Genre: Science Fiction
Type of Short Story: Novella
Summary: As the only woman on the first contact team, xenolinguist Toni Donato expected her assignment on Christmas would be to analyze the secret women's language -- but then the chief linguist begins to sabotage her work. What is behind it? Why do the men and women have separate languages in the first place? What Toni learns turns everything she thought they knew on its head.
Sagittarius. Now she remembered. The women's language. Suddenly she felt much more awake. For the first time, she was on her way to join a first contact team and she had work to do. She got up, washed her face in cold water at the basin in her compartment (at least AIRA could afford private compartments), and turned on the console again, calling up the files she had been sent when given her assignment to Christmas.
"List vids," she said. It was time she checked her theoretical knowledge against the real thing again. Just over three weeks she'd had to learn the Mejan language, one week on Admetos after getting her new assignment and two weeks in transit. From the transit station it would be another week before she finally set foot on the planet. Even with the latest memory enhancements, it was a daunting challenge. A month to learn a new language and its intricacies. A month to try to get a feel for a culture where women had their own language which they never spoke with men.
That had been her lucky break. Toni was the only female xenolinguist in this part of the galaxy with more than a year's experience. And suddenly she found herself promoted from grunt, compiling grammars and dictionaries, to first contact team.

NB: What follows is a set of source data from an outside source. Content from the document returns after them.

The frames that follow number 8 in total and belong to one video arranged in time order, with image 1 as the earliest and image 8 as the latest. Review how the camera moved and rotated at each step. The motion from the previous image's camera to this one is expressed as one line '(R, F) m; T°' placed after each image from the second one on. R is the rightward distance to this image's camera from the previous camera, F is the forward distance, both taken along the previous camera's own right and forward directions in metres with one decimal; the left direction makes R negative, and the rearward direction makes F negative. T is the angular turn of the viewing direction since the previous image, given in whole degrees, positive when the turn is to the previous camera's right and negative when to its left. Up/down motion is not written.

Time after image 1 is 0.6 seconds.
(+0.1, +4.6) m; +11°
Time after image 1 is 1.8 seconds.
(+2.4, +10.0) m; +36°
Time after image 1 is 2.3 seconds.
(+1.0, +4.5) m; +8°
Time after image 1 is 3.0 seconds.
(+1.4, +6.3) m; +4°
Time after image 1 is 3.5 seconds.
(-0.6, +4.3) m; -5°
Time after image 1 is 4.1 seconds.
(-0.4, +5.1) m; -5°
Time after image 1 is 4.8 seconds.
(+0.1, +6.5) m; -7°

She scrolled through the list of vids. This time, she noticed a title which hadn't caught her attention before.
"Play 'Unknown Mejan water ritual.'"
To judge by the AIC date, it had to be a video from one of the early, pre-contact-team probes. Not to mention the quality. The visuals were mostly of the bay of Edaru, and the audio was dominated by the sound of water lapping the shore.
But what she could see and hear was fascinating. A fearful young hominid male, tall and gracile, his head shaved and bowed, was being led out by two guards to the end of a pier. A small crowd followed solemnly. When they arrived at the end, another man stepped forward and, in the only words Toni could make out clearly, announced that Sentalai's shame would be purged. (Assuming, of course, that what had been deciphered of the men's language to this point was correct.) The older man then motioned for the younger man to remove his clothes, fine leather garments such as those worn by the richer of the Edaru clans, and when he was naked, the two guards pushed him into the water.
Three women behind them conferred briefly. Then one of the three stepped forward and flung a length of lace after the young man.
Toni stared as the crowd on the pier walked back to shore. She could see no trace of the man who had been thrown in the water. According to her materials, the Mejan were excellent swimmers, growing up nearly as much in the water as out, and it should have been easy for him to swim back to the pier. But for some reason he hadn't.
It reminded her of nothing so much as an execution.